"Go Set a Watchman" | Teen Ink

"Go Set a Watchman"

May 21, 2015
By Emily Vetne BRONZE, Granger, Indiana
Emily Vetne BRONZE, Granger, Indiana
3 articles 0 photos 0 comments

My family has lawyers on both sides of it, including both of my parents. I've never known anything besides people who defend the law. I even used to think that everyone had to go to law school after undergrad. Naturally, being what those of us like me call a "lawyers' brat," I've also grown up on Harper Lee’s classic novel To Kill a Mockingbird.

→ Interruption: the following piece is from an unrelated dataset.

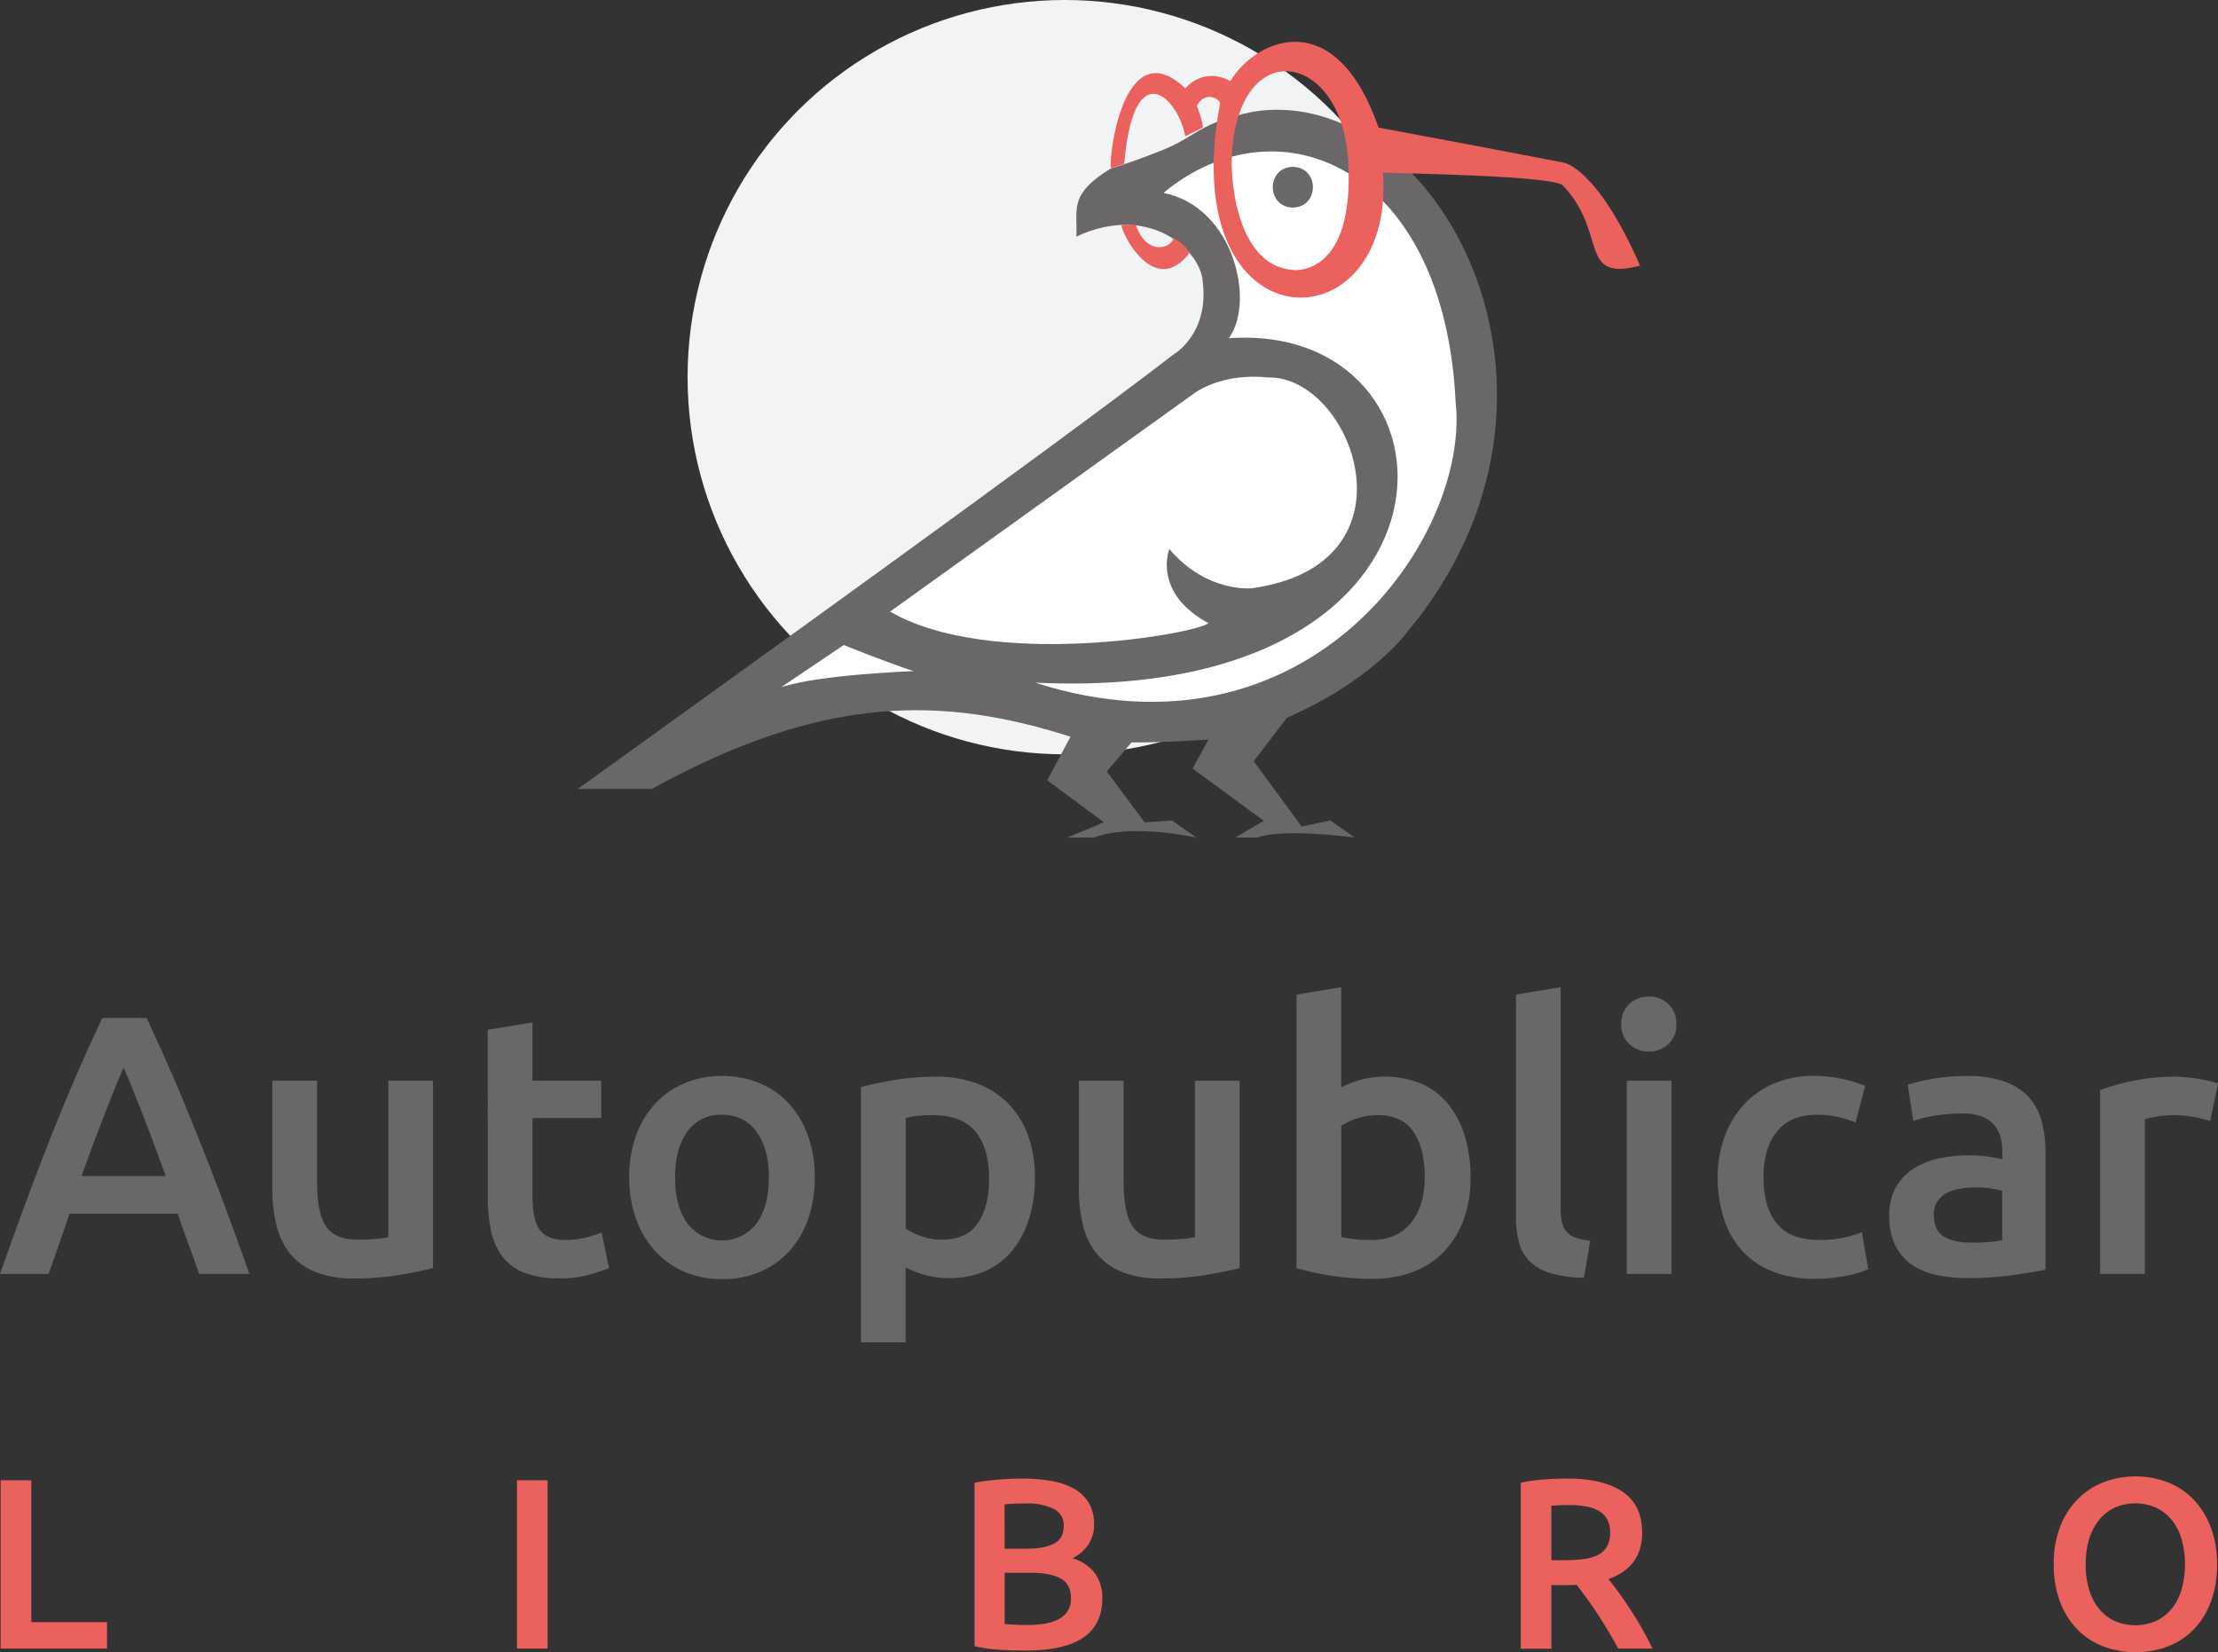 <svg xmlns="http://www.w3.org/2000/svg" viewBox="0 0 849.68 632.93"><rect x="0" y="0" width="849.68" height="632.93" fill="#333333" stroke="none"/><defs><style>.cls-1{fill:#f2f3f5;}.cls-2{fill:#fff;}.cls-3,.cls-5{fill:#6b6768;}.cls-3,.cls-4{fill-rule:evenodd;}.cls-4,.cls-6{fill:#eb615d;}</style></defs><g id="Layer_2" data-name="Layer 2"><g id="Layer_1-2" data-name="Layer 1"><circle class="cls-1" cx="407.88" cy="144.48" r="144.48"/><polygon class="cls-2" points="291.88 261.61 463.71 132.73 470.22 108 463.78 94.15 451.99 81.96 428.6 79.39 462.6 58.36 489.46 50.4 508.8 52.76 544.54 71.75 548.67 85.83 561.71 123.5 567.85 149.65 549.62 213.44 517.97 247.28 489.46 265.05 442.3 274.4 385.38 265.05 365.93 259.53 320.54 265.05 289.89 274.4 278.1 274.4 291.88 261.61"/><path class="cls-3" d="M480.24,42.76C459.08,47,459,52.09,444.6,57.79c-13.07,5.18-18.93,6.68-18.93,6.68C408.8,74.66,413,80.75,412.31,90.64c28.11-13.16,47.8,5.46,48.44,17.26,2.5,20.09-11.14,27.84-11.14,27.84-45.93,35.49-179.17,131.11-228.27,166.47h28.39c66-36.4,111.65-35.51,160.35-20l-8.9,16.7L422.89,315l-14,5.86h10.26c14-5.6,39.19,0,39.19,0L449,314.34l-10.52.68L424,295.53l9.47-11.13c12.7.12,29.51-1.12,29.51-1.12l-6.13,11.14,27.28,20-10.87,6.42h8.4c10.26-3.74,37.32,0,37.32,0l-9.33-6.54-11,2.35-18.37-25.05L493,274.93c32.26-14,45.66-32.29,45.66-32.29C616.22,150.34,549.64,31.73,480.24,42.76ZM299.29,263.24l23.94-16.15s15.5,6.3,26.72,10C350,257.12,314.32,258.31,299.29,263.24Zm41.75-29,116.37-83.52s10.3-8.05,28.39-6.12c32.21-.74,59.4,71.55-6.12,80.73,0,0-17.25,2-31.74-15,0,0-6.67,16.64,15,28.39C458,242.92,379.4,256.61,341,234.29Zm55.68,27.28c173.65,8.18,167.17-138.59,74-131.95,10.17-13.68,2.18-50.19-25-55.68,43.79-36.38,107.57-10.49,111.91,80.17C563.3,205,502,295.12,396.72,261.57ZM495.27,63.92c-10.25.17-10.25,15.41,0,15.59C505.51,79.33,505.52,64.09,495.27,63.92Z"/><path class="cls-4" d="M598.83,62.25C582.08,59,545.16,52,528.12,48.88c-16.75-48-47.28-33.67-56.79-17.81-10.63-5.72-17.26,2.78-17.26,2.78-23.84-22.65-29.67,27.8-28.4,30.62l5-1.67c3.66-43.08,20.9-24.81,23.39-10.58l6.68-3.34c.22-2-2.23-8.35-2.23-8.35,3-5.73,8.18-2.94,8.91-1.11-17.92,94.59,67.36,94.33,62.36,26.72,7.86.3,66.32,1.18,69,5,17.26,18.12,5.56,36.9,29.51,30.62C611.58,63.67,598.83,62.25,598.83,62.25Zm-103,41.2c-20.92-1-24.48-31.64-23.94-43.43,2.13-47,41.89-40.46,44.54,1.11C519.27,105.81,495.83,103.45,495.83,103.45Z"/><path class="cls-4" d="M429.57,86.19c.63,4.53,13.14,27.86,26.17,10.58a16.86,16.86,0,0,0-6.13-5.57c-1.21,4.23-10.54,6.61-14.47-5A33,33,0,0,0,429.57,86.19Z"/><path class="cls-5" d="M76.3,488c-1.33-3.86-2.7-7.69-4.12-11.46s-2.79-7.64-4.11-11.61H26.63q-2,6-4,11.68t-4,11.39H0q5.52-15.71,10.47-29t9.68-25.2q4.74-11.88,9.41-22.64T39.17,390h17q4.95,10.49,9.62,21.24t9.42,22.64Q80,445.73,85,459t10.54,29ZM47.35,408.92q-3.26,7.5-7.43,18.26t-8.71,23.35H63.49Q58.95,437.95,54.71,427T47.35,408.92Z"/><path class="cls-5" d="M165.89,485.78q-4.95,1.28-12.88,2.62a105.08,105.08,0,0,1-17.41,1.34,38.36,38.36,0,0,1-14.93-2.55,23.92,23.92,0,0,1-9.63-7.07,28,28,0,0,1-5.16-10.83,57.37,57.37,0,0,1-1.56-13.8V414h17.13V452.8q0,11.9,3.47,17t12.1,5.1c2.07,0,4.27-.09,6.58-.28a35.61,35.61,0,0,0,5.17-.71V414h17.12Z"/><path class="cls-5" d="M186.84,394.48,204,391.65V414h26.32v14.29H204v30.15q0,8.93,2.83,12.74t9.62,3.82a31.33,31.33,0,0,0,8.28-1,55.17,55.17,0,0,0,5.74-1.84l2.83,13.59a64.63,64.63,0,0,1-7.79,2.62,42.6,42.6,0,0,1-11.32,1.34,36,36,0,0,1-13.24-2.12,19.62,19.62,0,0,1-8.42-6.16,24.34,24.34,0,0,1-4.38-9.76,60.71,60.71,0,0,1-1.28-13.1Z"/><path class="cls-5" d="M312.11,451a47.72,47.72,0,0,1-2.55,16,35.32,35.32,0,0,1-7.22,12.32,32.46,32.46,0,0,1-11.25,7.92A36.33,36.33,0,0,1,276.58,490a35.78,35.78,0,0,1-14.44-2.84A32.56,32.56,0,0,1,251,479.27,36.4,36.4,0,0,1,243.67,467a46.48,46.48,0,0,1-2.62-16A45.87,45.87,0,0,1,243.67,435,35.9,35.9,0,0,1,251,422.79a32.59,32.59,0,0,1,11.25-7.85,36.28,36.28,0,0,1,14.3-2.76A36.8,36.8,0,0,1,291,414.94a31.86,31.86,0,0,1,11.25,7.85A36.56,36.56,0,0,1,309.49,435,46.11,46.11,0,0,1,312.11,451Zm-17.56,0q0-11-4.74-17.48T276.58,427q-8.49,0-13.23,6.44T258.6,451q0,11.18,4.75,17.69a16.7,16.7,0,0,0,26.46,0Q294.55,462.14,294.55,451Z"/><path class="cls-5" d="M396.46,451.1a52.5,52.5,0,0,1-2.19,15.57,36.1,36.1,0,0,1-6.3,12.17,28,28,0,0,1-10.26,7.93,32.94,32.94,0,0,1-13.94,2.83,34.47,34.47,0,0,1-9.63-1.27,36.35,36.35,0,0,1-7.21-2.83v28.73H329.8V416.42q5.24-1.41,12.88-2.69a98,98,0,0,1,16.13-1.27,43.33,43.33,0,0,1,15.72,2.69,32.9,32.9,0,0,1,11.82,7.71,34.1,34.1,0,0,1,7.5,12.18A46.56,46.56,0,0,1,396.46,451.1Zm-17.55.28q0-11.46-5.16-17.83t-16.63-6.37c-1.61,0-3.28.07-5,.21a27.36,27.36,0,0,0-5.16.92v42.32a26.33,26.33,0,0,0,6,2.91,23.69,23.69,0,0,0,8,1.34q9.35,0,13.66-6.37T378.91,451.38Z"/><path class="cls-5" d="M474.88,485.78q-5,1.28-12.88,2.62a105.17,105.17,0,0,1-17.41,1.34,38.38,38.38,0,0,1-14.94-2.55,23.88,23.88,0,0,1-9.62-7.07,27.82,27.82,0,0,1-5.17-10.83,57.38,57.38,0,0,1-1.55-13.8V414h17.12V452.8q0,11.9,3.47,17t12.1,5.1q3.12,0,6.58-.28a35.19,35.19,0,0,0,5.17-.71V414h17.13Z"/><path class="cls-5" d="M563.34,451.1a46.38,46.38,0,0,1-2.62,16.07,34.74,34.74,0,0,1-7.5,12.24,32.28,32.28,0,0,1-11.82,7.78,43,43,0,0,1-15.71,2.69,99.45,99.45,0,0,1-16.21-1.27,101.47,101.47,0,0,1-12.81-2.83V381l17.13-2.83v38.36a40.38,40.38,0,0,1,7.29-2.84,36.6,36.6,0,0,1,23.5,1.49,27.34,27.34,0,0,1,10.26,7.86,36.44,36.44,0,0,1,6.3,12.24A53.7,53.7,0,0,1,563.34,451.1Zm-17.55-.28q0-10.9-4.32-17.27t-13.66-6.37a26.25,26.25,0,0,0-14,4.1v42.61q1.85.42,4.74.78a60.53,60.53,0,0,0,7,.35q9.48,0,14.86-6.44T545.79,450.82Z"/><path class="cls-5" d="M606.79,489.46a46.65,46.65,0,0,1-12.67-1.7,19.47,19.47,0,0,1-8-4.46,15.77,15.77,0,0,1-4.18-7.22,36.7,36.7,0,0,1-1.2-9.83V381l17.13-2.83V463a23.56,23.56,0,0,0,.49,5.24,8.38,8.38,0,0,0,1.77,3.61,7.93,7.93,0,0,0,3.47,2.26,26.89,26.89,0,0,0,5.59,1.2Z"/><path class="cls-5" d="M642.18,392.36a9.79,9.79,0,0,1-3.12,7.64,10.53,10.53,0,0,1-7.35,2.83A10.77,10.77,0,0,1,624.2,400a9.82,9.82,0,0,1-3.11-7.64,10,10,0,0,1,3.11-7.78,10.78,10.78,0,0,1,7.51-2.84,10.54,10.54,0,0,1,7.35,2.84A10,10,0,0,1,642.18,392.36ZM640.34,488H623.21V414h17.13Z"/><path class="cls-5" d="M658,451.1a45.42,45.42,0,0,1,2.55-15.36,36.51,36.51,0,0,1,7.29-12.38,33.36,33.36,0,0,1,11.53-8.21,37.81,37.81,0,0,1,15.29-3A51.82,51.82,0,0,1,714.51,416l-3.68,14a38.62,38.62,0,0,0-6.73-2.12,35.86,35.86,0,0,0-8-.85q-10.07,0-15.29,6.3t-5.24,17.76q0,11,5,17.48t16.7,6.44a43.62,43.62,0,0,0,8.63-.85,40.15,40.15,0,0,0,7.36-2.12l2.41,14.15a35.1,35.1,0,0,1-8.57,2.55,60.41,60.41,0,0,1-11.81,1.13,43,43,0,0,1-16.49-2.9,31.14,31.14,0,0,1-11.61-8.07,33.31,33.31,0,0,1-6.87-12.31A51,51,0,0,1,658,451.1Z"/><path class="cls-5" d="M753.57,412.18a41.87,41.87,0,0,1,14.3,2.12,23,23,0,0,1,9.26,5.94,22.18,22.18,0,0,1,5,9.28,45.39,45.39,0,0,1,1.49,12v44.87q-4,.84-12,2a122.58,122.58,0,0,1-18,1.2,54.08,54.08,0,0,1-12.17-1.27,25.64,25.64,0,0,1-9.42-4.11,19.32,19.32,0,0,1-6.08-7.36,25.4,25.4,0,0,1-2.2-11.18,21.62,21.62,0,0,1,2.48-10.76,20.25,20.25,0,0,1,6.72-7.14,29.06,29.06,0,0,1,9.84-4,55.54,55.54,0,0,1,11.68-1.2,54,54,0,0,1,5.94.35,55.59,55.59,0,0,1,6.66,1.21v-2.84a22.28,22.28,0,0,0-.71-5.66,11.86,11.86,0,0,0-2.48-4.74,11.55,11.55,0,0,0-4.67-3.18,20.13,20.13,0,0,0-7.29-1.14,65.36,65.36,0,0,0-10.9.85,47.9,47.9,0,0,0-8.07,2l-2.12-13.88a69,69,0,0,1,9.48-2.26A74.85,74.85,0,0,1,753.57,412.18ZM755,476a63.48,63.48,0,0,0,12-.85v-19a32,32,0,0,0-4.11-.85,37.45,37.45,0,0,0-5.95-.43,38.71,38.71,0,0,0-5.73.43A17.84,17.84,0,0,0,746,456.9a9.49,9.49,0,0,0-3.75,3.19,8.85,8.85,0,0,0-1.42,5.17q0,6.08,3.82,8.42T755,476Z"/><path class="cls-5" d="M846.7,429.45a52.41,52.41,0,0,0-5.87-1.49,43.12,43.12,0,0,0-8.71-.78,42.84,42.84,0,0,0-10.47,1.56V488H804.52V417.56a93.41,93.41,0,0,1,12.39-3.47,76.86,76.86,0,0,1,16.49-1.63q1.7,0,4,.21t4.53.57c1.51.24,3,.52,4.39.85s2.55.63,3.4.92Z"/><path class="cls-6" d="M41,621.39v10.14H.25V567.06H12v54.33Z"/><path class="cls-6" d="M198.05,567.06h11.72v64.47H198.05Z"/><path class="cls-6" d="M392.78,632.28c-3.41,0-6.86-.11-10.33-.33a47.87,47.87,0,0,1-9.12-1.35V568c1.37-.25,2.83-.48,4.38-.7s3.13-.39,4.74-.51,3.21-.22,4.79-.28,3.09-.09,4.52-.09a62.85,62.85,0,0,1,10.88.88,27.75,27.75,0,0,1,8.7,2.93,15.11,15.11,0,0,1,5.72,5.4,15.64,15.64,0,0,1,2.05,8.28,13.65,13.65,0,0,1-2.19,7.81,15.52,15.52,0,0,1-6.09,5.21,16.94,16.94,0,0,1,8.65,5.77,16,16,0,0,1,2.79,9.68q0,9.95-7.26,14.93T392.78,632.28Zm-7.91-39h8.28q6.71,0,10.52-1.9t3.81-6.84a6.81,6.81,0,0,0-4-6.61,23.28,23.28,0,0,0-10.28-2c-1.8,0-3.39,0-4.79.09s-2.59.16-3.58.28Zm0,9.21v19.64c1.3.12,2.7.21,4.19.27s2.85.1,4.09.1a45.85,45.85,0,0,0,6.75-.47,17.42,17.42,0,0,0,5.39-1.63,9.6,9.6,0,0,0,3.63-3.11,8.66,8.66,0,0,0,1.35-5q0-5.49-4-7.63T395.2,602.5Z"/><path class="cls-6" d="M600.35,566.41q13.95,0,21.35,5.11t7.39,15.63q0,13.13-12.93,17.77,1.77,2.15,4,5.21t4.56,6.66q2.32,3.57,4.47,7.35c1.42,2.51,2.7,5,3.81,7.39H619.88c-1.17-2.23-2.45-4.48-3.81-6.74s-2.74-4.47-4.14-6.61-2.78-4.15-4.14-6-2.64-3.58-3.81-5.07c-.87.07-1.62.1-2.24.1H594.3v24.37H582.58V568a63.13,63.13,0,0,1,9.11-1.26C594.92,566.51,597.8,566.41,600.35,566.41Zm.83,10.14q-3.72,0-6.88.28v20.84h5.12a53.77,53.77,0,0,0,7.53-.47,16.06,16.06,0,0,0,5.45-1.67,8.28,8.28,0,0,0,3.3-3.26,10.84,10.84,0,0,0,1.11-5.21,10.41,10.41,0,0,0-1.11-5,8.38,8.38,0,0,0-3.21-3.26,15.15,15.15,0,0,0-5-1.72A36.4,36.4,0,0,0,601.18,576.55Z"/><path class="cls-6" d="M849.32,599.25a39.94,39.94,0,0,1-2.47,14.61,30.19,30.19,0,0,1-6.7,10.56,27.68,27.68,0,0,1-9.9,6.37,35.39,35.39,0,0,1-24.24,0,27.66,27.66,0,0,1-10-6.37,30.85,30.85,0,0,1-6.74-10.56,39.3,39.3,0,0,1-2.51-14.61,38.89,38.89,0,0,1,2.51-14.56,30.42,30.42,0,0,1,6.84-10.56,28.23,28.23,0,0,1,10-6.42,34.71,34.71,0,0,1,24,0,27.44,27.44,0,0,1,9.91,6.42,31.41,31.41,0,0,1,6.75,10.56A39.09,39.09,0,0,1,849.32,599.25Zm-50.34,0a33.33,33.33,0,0,0,1.31,9.63,21.11,21.11,0,0,0,3.77,7.35,17.13,17.13,0,0,0,6,4.7,19.78,19.78,0,0,0,15.91,0,17.31,17.31,0,0,0,6-4.7,21.26,21.26,0,0,0,3.76-7.35,36.05,36.05,0,0,0,0-19.26,21.18,21.18,0,0,0-3.76-7.35,17.2,17.2,0,0,0-6-4.7,19.78,19.78,0,0,0-15.91,0,16.82,16.82,0,0,0-6,4.75,21.47,21.47,0,0,0-3.77,7.35A32.73,32.73,0,0,0,799,599.25Z"/></g></g></svg>

My family loves that book so much that we call our dad “Daddicus” and we have a cat named Scout, so I can’t put into words how happy I am that Harper Lee’s publishing a sequel! It’s called Go Set a Watchman, and it will be in stores July 14th this year. According to Lee’s attorney, the manuscript was written in the 1950s but lost until last fall when it was discovered in an old filing cabinet. Harper Lee released a statement saying she reread it herself and tentatively sent it to a few publishers, when it was immediately snatched up.


I remember the last time I reread TKM--last spring, probably--and when I finished it I just sat and pressed the book between my palms and said to my dad, “I just want more Atticus. Now.” Dad teased me and said to just open the book back up to page one, that Atticus would be right where I left him, but that wasn’t what I wanted. I wanted new Atticus, new words of wisdom, but Dad said that couldn’t ever happen. Harper Lee was a Boo Radley, not a Scout Finch, and she would never publish a sequel.


Until now. We get more Scout! And Atticus! We might even get answers to our burning questions--did Scout marry Dill? Did Jem become a lawyer like Atticus? Did Scout become a teacher and did Atticus ever remarry? We’re about to find out. (Maybe.)
My only fear is that Watchman won’t be any good, or not as good as Mockingbird, or that it won’t answer our questions. What if Atticus at age 50 is not the same Atticus from 20 years prior? What if he’s turned mean as he grows into middle age, or what if 24-year-old Scout isn’t just as lovably sassy as she used to be? Miss Maudie will probably be dead, and Scout and Jem may not talk to Dill anymore, and we’re told at the end of TKM that Scout “never saw him [Boo Radley] again,” so what if Boo’s dead too? I just have such high expectations that I’m really worried GSW won’t fulfill. Can anything beat the original? Or even match it?


It’ll be interesting to see how my school's English teachers react to Go Set a Watchman, too. I personally hope the book is taught in English 9 classes along with TKM and The Help, since TKM is the 1930s, The Help is the 1960s, and Watchman fits perfectly in between them, as it’s set in the 1950s, 20 years after To Kill a Mockingbird. Harper Lee’s long-awaited sequel rounds out the racial unrest unit well, and it’s sure to be just as poignant as its predecessor.


Even if Go Set a Watchman doesn’t answer all of my questions, or even any of them, this lawyers’ brat who’s been spoon-fed Atticus Finch for as long as she can remember is just glad to be able to revisit her favorite residents of Maycomb County, Alabama.